Mas porque é que não me sinto capaz de aceitar o desafio?! Na verdade eu tenho tentado, mesmo antes de ter essa consciência... A verdade é que o problema de antes é o mesmo problema de agora... falta de tempo! Para mim, e nestes últimos 15 dias, não me tem sobrado tempo, não tenho sentido tédio nem tempos mortos... Pelo contrário... são tantas as coisas que tenho para fazer neste meu navio que dificilmente estou parada! Mas vou pensar com carinho no teu desafio e talvez me consiga organizar melhor e, quem sabe, isso já seja o início de uma mudança interior...

Mel* disse...

Eu acho que se parares para pensar com carinho no que poderias mudar de forma a incorporares na tua rotina algo que gostarias de fazer ou algo que poderia ser útil para a tua saúde, já é sem dúvida o início da mudança! Contudo, infelizmente não é suficiente... depois dessa parte, é mesmo necessário passar à ação :)

Digo-te eu que, muitas vezes arranjo formas de não mudar: "Ah, começo no dia 1 do próximo mês!". "Agora é 5a feira, já não vale a pena, começo na próxima segunda!" "Agora é inverno, está frio e chuva. Mas assim que começar a primavera, começo logo...!" etc, etc, etc Por isso, a melhor altura de começar, é sempre AGORA!!!

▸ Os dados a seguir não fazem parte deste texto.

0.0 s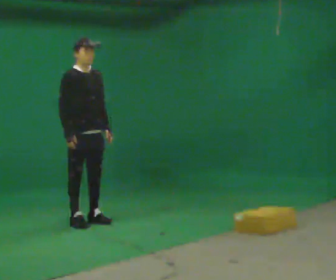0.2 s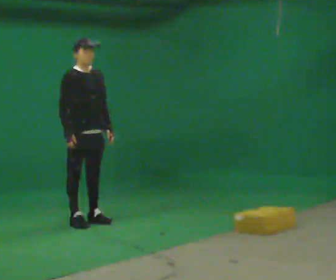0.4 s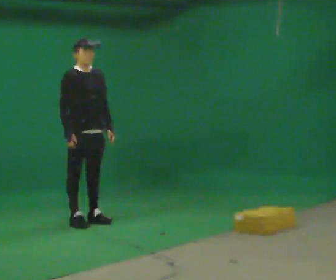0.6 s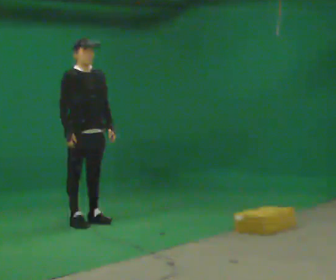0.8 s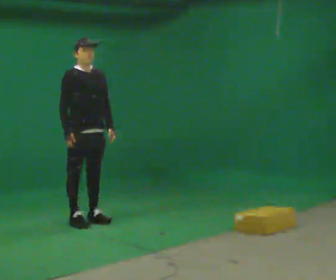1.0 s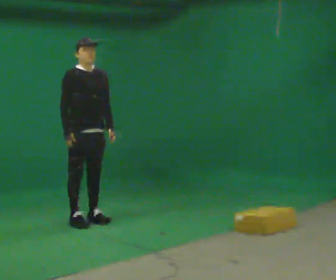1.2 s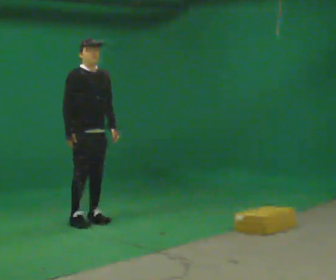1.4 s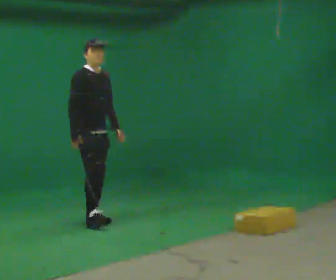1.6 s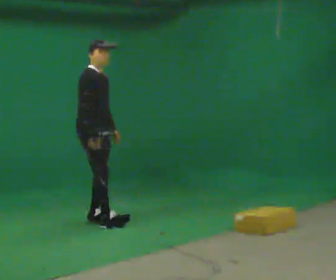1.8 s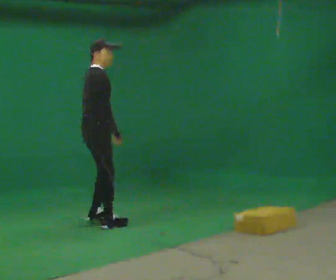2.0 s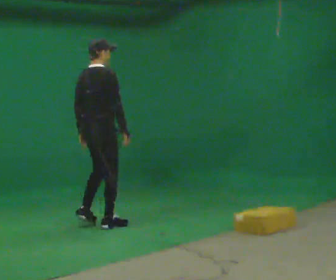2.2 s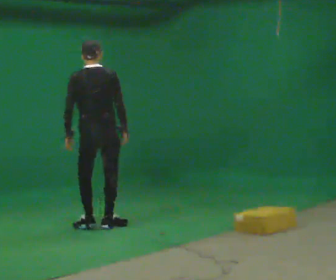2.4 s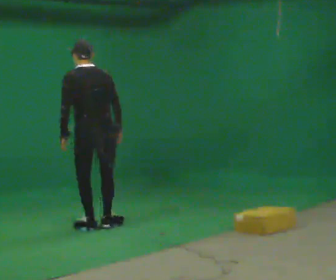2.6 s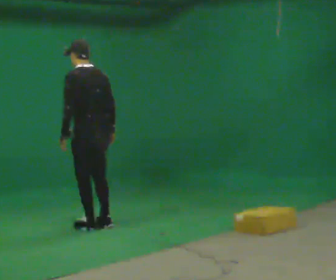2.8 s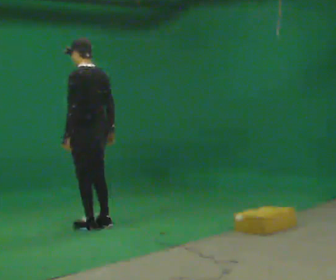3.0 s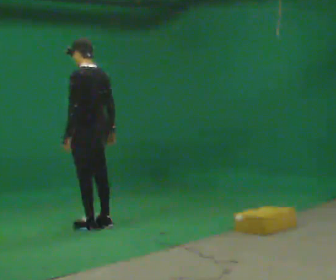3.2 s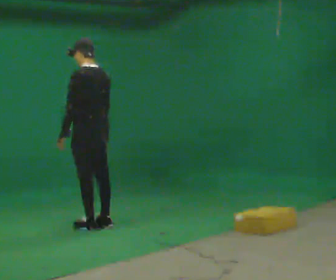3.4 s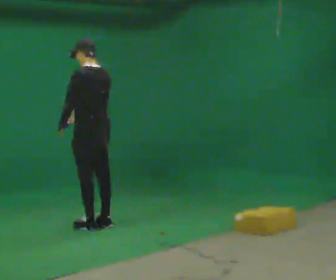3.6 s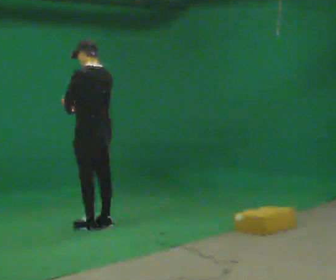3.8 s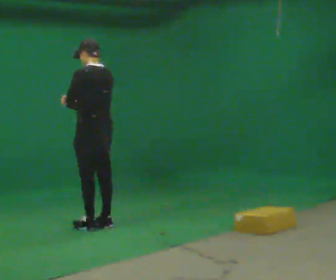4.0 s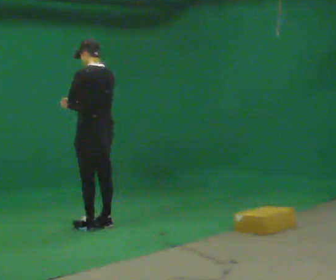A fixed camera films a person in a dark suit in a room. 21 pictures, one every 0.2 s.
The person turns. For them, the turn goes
to their left.
The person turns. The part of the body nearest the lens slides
to the right.
0.0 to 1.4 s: The person moves a little, or ends about where they began.
1.4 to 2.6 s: The person turns about 165 degrees to their left, counterclockwise seen from above, so the part of the body nearest the lens slides to the right. In the picture they go toward the camera, about 0.25 m in 1 step. In the picture the upper body tilts counterclockwise, shoulders to the left.
2.6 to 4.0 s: In the picture their right hand goes to the left, the arm swinging clockwise.
The film runs backward here.

Força! Começa com algo que não seja muito exigente, para conseguires cumprir e não desistires logo;)

Mary disse...

Embora o meu comentário anterior tenha sido publicado no dia 1 de Abril não foi mentira =P
No entanto, li a tua resposta e tenho acompanhado a tua dedicação e o teu compromisso, e depois do teu "convite" para experimentar a prática de Yoga em casa, senti-me inspirada e decidi propor-me a um novo desafio... E assim, não satisfeita com um, na verdade aproveitei a maré e estando interligados uns com os outros na verdade defini 3: durante 30 dias, fazer a prática de yoga (adicionado à minha prática habitual de duas aulas por semana de Pilates), beber mais água (mínimo 1L por dia) e pôr creme no corpo! Hoje é o terceiro dia desta mudança, vamos ver se chego até ao dia 12 de Maio a cumprir esta meta (com ou sem isolamento social) =P

Obrigada por me convidares a encontrar a melhor versão de mim! Obrigada por me ajudares no caminho, por não me julgares quando desisto, e ainda me incentivares a recomeçar! Obrigada por estares na minha vida! Obrigada por seres quem és e partilhares com o mundo um bocadinho de ti através deste teu espaço lindo!

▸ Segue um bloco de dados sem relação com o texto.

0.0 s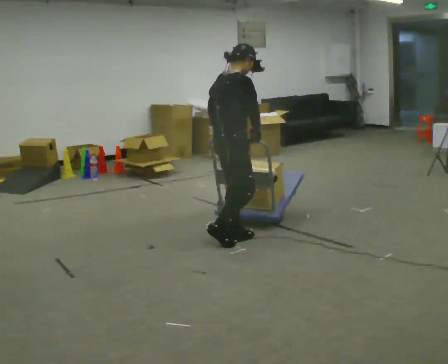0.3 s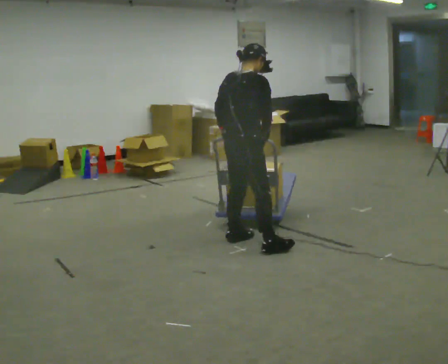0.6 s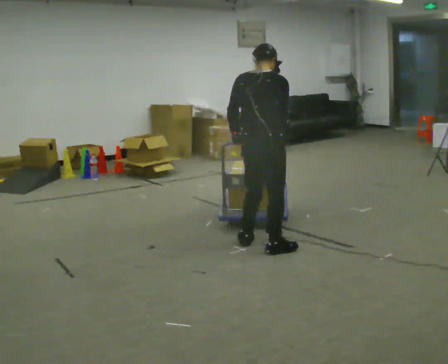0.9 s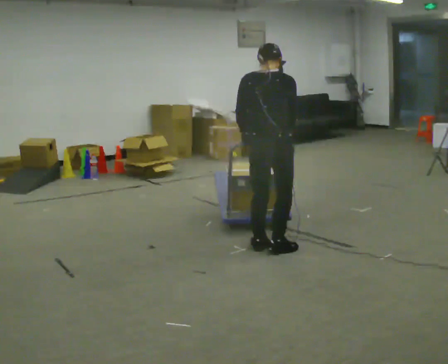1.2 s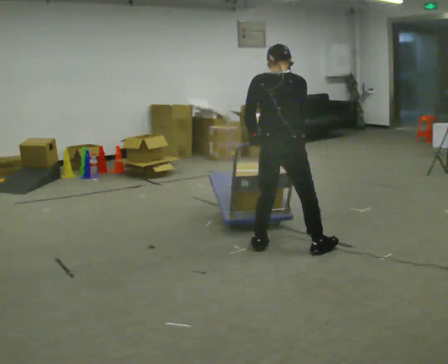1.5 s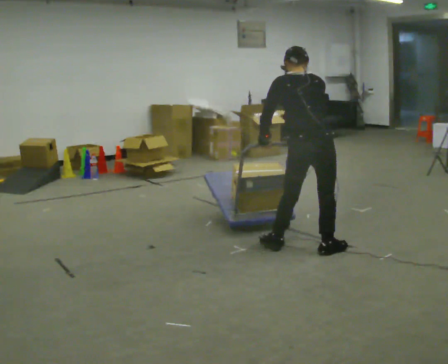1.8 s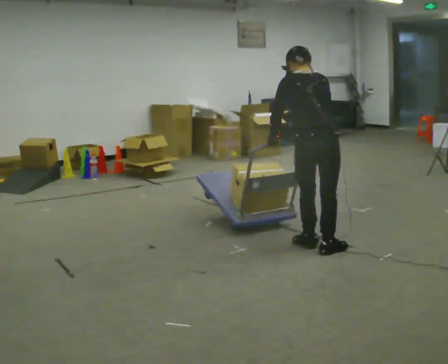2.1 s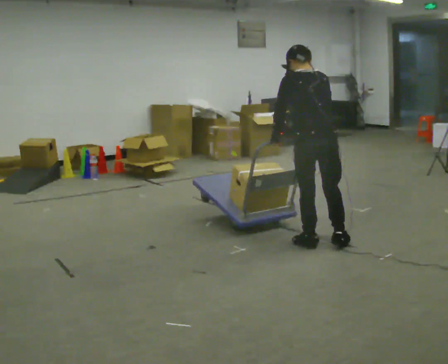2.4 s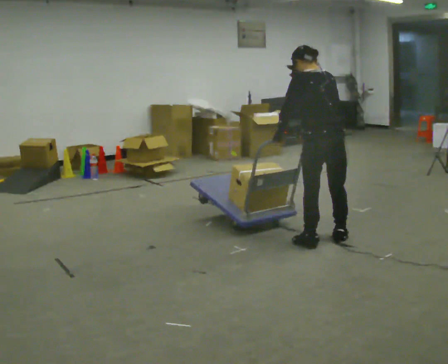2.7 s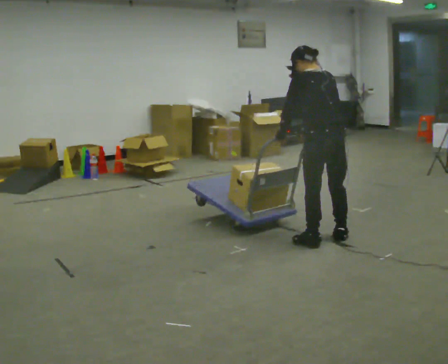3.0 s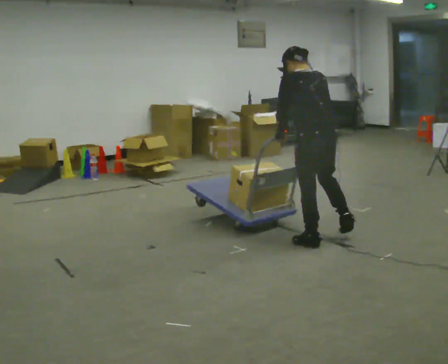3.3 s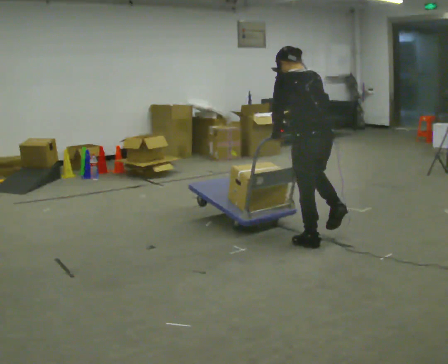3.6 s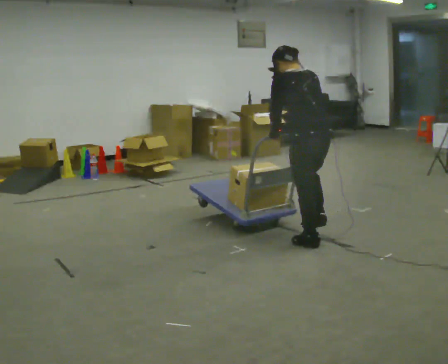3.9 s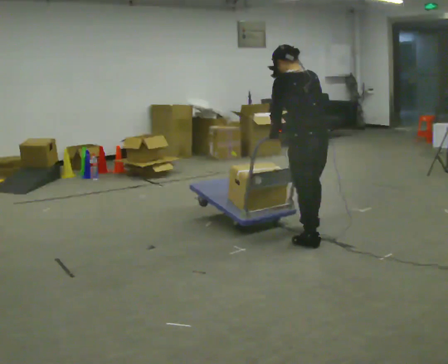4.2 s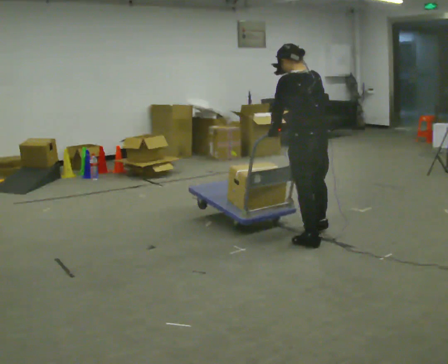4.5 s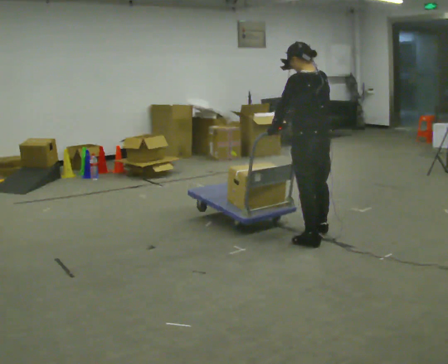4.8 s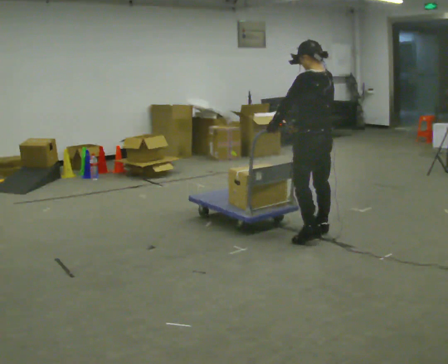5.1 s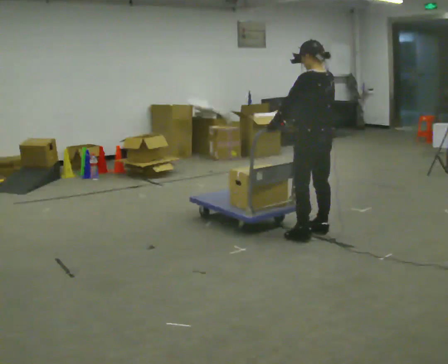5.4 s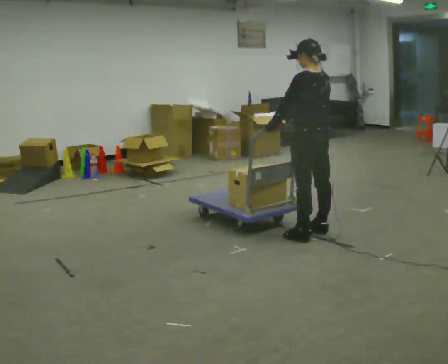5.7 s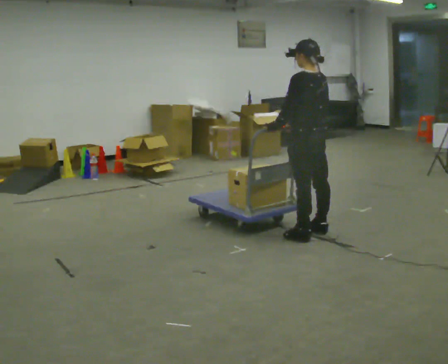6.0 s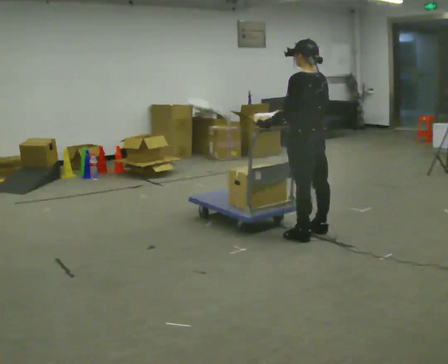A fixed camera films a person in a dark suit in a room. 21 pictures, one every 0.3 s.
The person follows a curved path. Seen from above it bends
counterclockwise.
The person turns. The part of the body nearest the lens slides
to the right.
0.0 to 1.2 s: The person turns about 45 degrees to their left, counterclockwise seen from above, so the part of the body nearest the lens slides to the right. In the picture they go to the right and toward the camera, about 0.5 m in 2 steps, which for them is to their right.
1.2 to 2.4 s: The part of the body nearest the lens slides to the right as the person turns to their left by about 45 degrees. In the picture they go to the right and away from the camera, about 0.25 m in 3 steps, which for them is to their right.
2.4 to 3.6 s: The person moves a little, or ends about where they began.
3.6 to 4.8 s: In the picture they go away from the camera, about 0.25 m in 1 step, which for them is to their right and forward. In the picture the upper body tilts clockwise, shoulders to the right, as they lean back or straighten.
4.8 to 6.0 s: The person moves a little, or ends about where they began.
The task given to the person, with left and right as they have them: Turn the cart round to face the other way without moving it out of the marked square, then turn it back. Repeat until the operator says stop.
The film runs forward here.

Continua a escrever e a inspirar quem te lê ;)

Mel* disse...

Que bom que fez sentido para ti desafiares-te e propores-te a novos desafios! Só quando nos desafiamos a fazer coisas diferentes, é que conseguimos alcançar resultados diferentes! Por vezes não temos vontade de fazer, apetece desistir, mas podemos tentar perceber o que nos faz querer desistir? É só mesmo por preguiça ou existe outro motivo? Se for mesmo por preguiça, então quiçá podemos tentar vencê-la só por hoje!
Estou aqui a torcer por ti, por esses 3 desafios, e também pelo 4, que sei que entretanto adicionaste :) Força!!

Ainda bem que conseguimos caminhar lado a lado, em que à vez, vamos puxando uma pela outra! Obrigada também a ti, por me empurrares e puxares tantas vezes! Obrigada por estares sempre aqui! E obrigada por me leres, porque nem que seja só por isso, já faz sentido continuar a vir aqui escrever!